Work to be completed
Below this line are records; transcribe exactly the lines between the one holding "Question: What time" and the one holding "human: [hr_rgb_0.5]", inclusive, and omit the pictures.

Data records
============
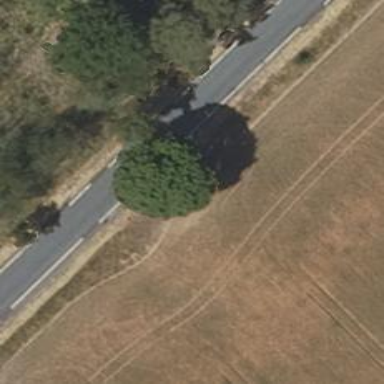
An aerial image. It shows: Deciduous broadleaved tree.
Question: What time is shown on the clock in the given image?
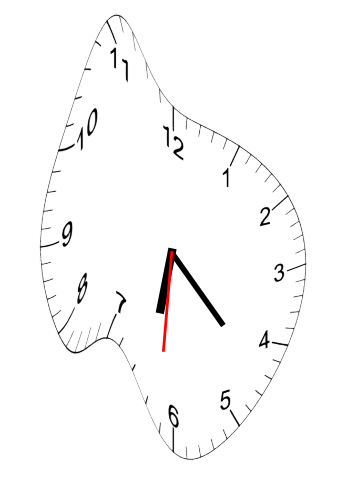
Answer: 06:22:31
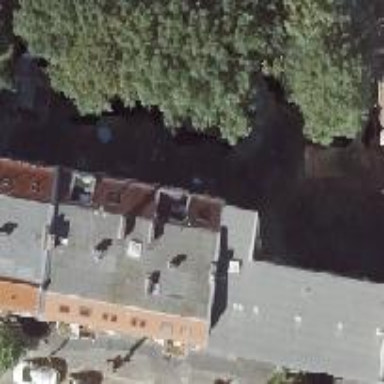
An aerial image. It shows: Building with apartments featuring unique double saltbox roof shape.
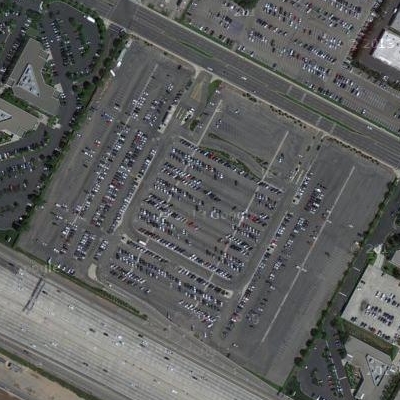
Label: Parking
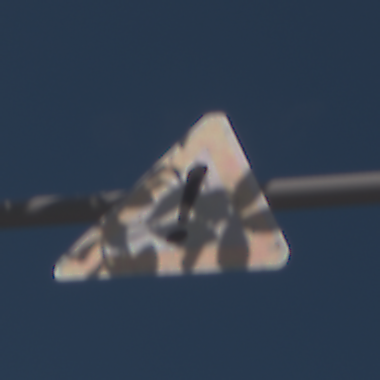
Verkehrszeichen: Gefahrenstelle
Umgebung: Outdoor, Nature
Tageszeit: MorningAfternoon
Wetter: Clear
Licht: Natural
Jahreszeit: Summer
Kontrast: HighContrast
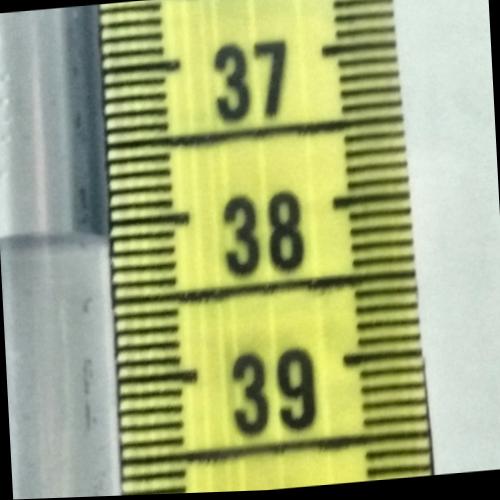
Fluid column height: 38.1 cm
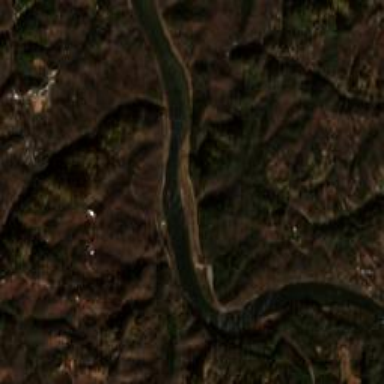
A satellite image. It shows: Beautiful view of river.
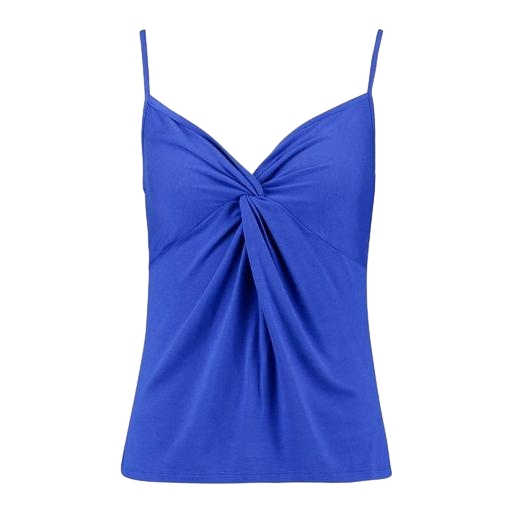
blue knotted drape front tank, blue knot-front top, blue tie-front tank, white background
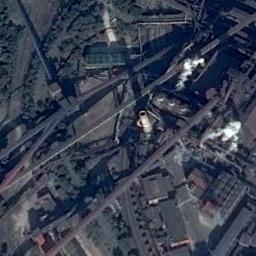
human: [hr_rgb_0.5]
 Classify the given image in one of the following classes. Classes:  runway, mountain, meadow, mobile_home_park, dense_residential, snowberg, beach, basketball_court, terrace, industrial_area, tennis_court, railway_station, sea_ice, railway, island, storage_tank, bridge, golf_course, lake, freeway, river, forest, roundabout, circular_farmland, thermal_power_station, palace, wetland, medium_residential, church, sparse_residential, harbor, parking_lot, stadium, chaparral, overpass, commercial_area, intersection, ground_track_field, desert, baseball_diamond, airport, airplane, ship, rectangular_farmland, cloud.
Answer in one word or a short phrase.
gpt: thermal_power_station
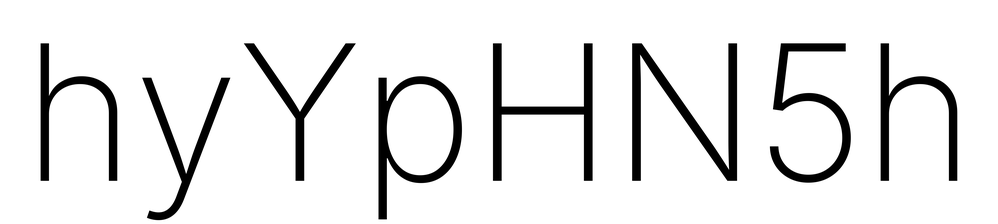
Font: Inter_ExtraLight
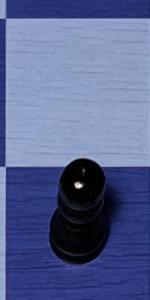
Label: Pawn_Black
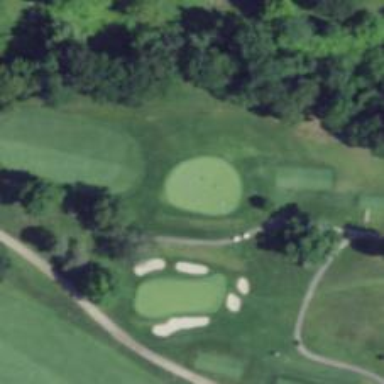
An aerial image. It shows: Golf hole.
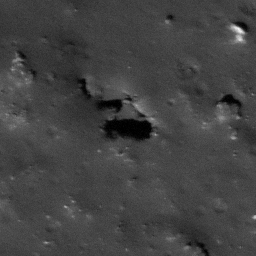
Pit: Wood T 1a
Host crater: Wood T
Host type: impact_melt
Lunar coordinates: latitude 43.888, longitude 235.754
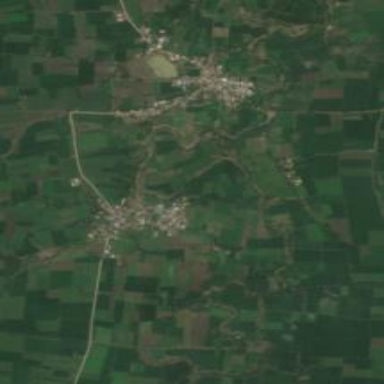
============
Solution below
Question: What time is shown on the clock in the given image?
Answer: 06:22:31
An aerial image. It shows: Building with apartments featuring unique double saltbox roof shape.
Label: Parking
Verkehrszeichen: Gefahrenstelle
Umgebung: Outdoor, Nature
Tageszeit: MorningAfternoon
Wetter: Clear
Licht: Natural
Jahreszeit: Summer
Kontrast: HighContrast
Fluid column height: 38.1 cm
A satellite image. It shows: Beautiful view of river.
blue knotted drape front tank, blue knot-front top, blue tie-front tank, white background
human: [hr_rgb_0.5]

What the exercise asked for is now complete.